How to Write a Changelog Entry in English
Learn the English vocabulary and conventions for writing clear, user-facing changelog entries for features, fixes, and breaking changes.
A changelog entry is short by design, which makes precise word choice matter more, not less — a vague verb or an unclear scope can leave users confused about whether a change affects them. English changelogs follow fairly consistent conventions (a small set of standard verbs, consistent tense, clear categorization) that make them fast to scan. This guide covers the vocabulary and structure behind a well-written entry.
Key Vocabulary
Added — the standard verb for a new feature or capability that didn’t exist before, used in the past tense at the start of an entry. “Added: support for exporting reports as CSV files.”
Fixed — the standard verb for a resolved bug, used to describe what was broken and now works correctly. “Fixed: dashboard filters were not persisting after a page refresh.”

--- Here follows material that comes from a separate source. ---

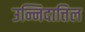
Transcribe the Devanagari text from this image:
उन्निदात्तिल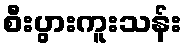
စီးပွားကူးသန်း

Changed — used for a modification to existing behavior that isn’t strictly a new feature or a bug fix, such as a UI adjustment or a default setting update. “Changed: default pagination size increased from 10 to 25 items per page.”
Deprecated — used to mark a feature that still works but is planned for removal, giving users advance notice before it becomes a breaking change.
“Deprecated: the v1/users endpoint is deprecated and will be removed in a future release. Use v2/users instead.”
Breaking change — a change that requires users to update their own code, configuration, or workflow to keep working — the category that requires the clearest, most specific explanation.
“Breaking change: the format parameter is now required on all export requests; previously it defaulted to JSON.”
Migration note — a short instruction accompanying a breaking change, telling users exactly what they need to do to adapt.
“Migration note: update any calls to /export to explicitly include ?format=json if you relied on the previous default.”
Common Phrases
- “Added: [feature], allowing users to [benefit].”
- “Fixed: [issue] that caused [symptom] under [condition].”
- “Changed: [behavior] now [new behavior], previously [old behavior].”
- “Deprecated: [feature] will be removed in [version/date]; use [alternative] instead.”
- “Breaking change: [what changed]. Migration note: [what users need to do].”
Example Sentences
Writing a feature entry: “Added: bulk user invite via CSV upload, allowing admins to invite up to 500 users at once instead of adding them individually.”
Writing a bug fix entry: “Fixed: notifications were occasionally sent twice when a user updated their preferences within a few seconds of a previous update.”
Writing a breaking change entry with a migration note:
“Breaking change: the apiKey field has been renamed to apiToken across all endpoints. Migration note: update any integration code referencing apiKey to use apiToken before upgrading — the old field name will return a 400 error starting in this version.”
Professional Tips
- Start every entry with a standard category verb (Added, Fixed, Changed, Deprecated, Removed) so readers can scan the changelog quickly without reading every sentence in full.
- For Fixed entries, describe the symptom the user actually experienced, not just the internal cause — “fixed a null pointer exception” means nothing to most users, but “fixed a crash when uploading files over 10MB” does.
- Every breaking change entry should include a migration note — a breaking change without instructions forces users to guess, which generates support tickets you could have prevented.
- Keep entries in past tense and consistent in structure throughout the changelog — mixing tenses or formats across entries makes the document feel unpolished even when the underlying work is solid.
Practice Exercise
- Write an “Added” entry for a hypothetical new feature, including the user-facing benefit.
- Write a “Fixed” entry describing a bug from the user’s perspective, not the internal cause.
- Draft a breaking change entry with a migration note for a renamed API parameter.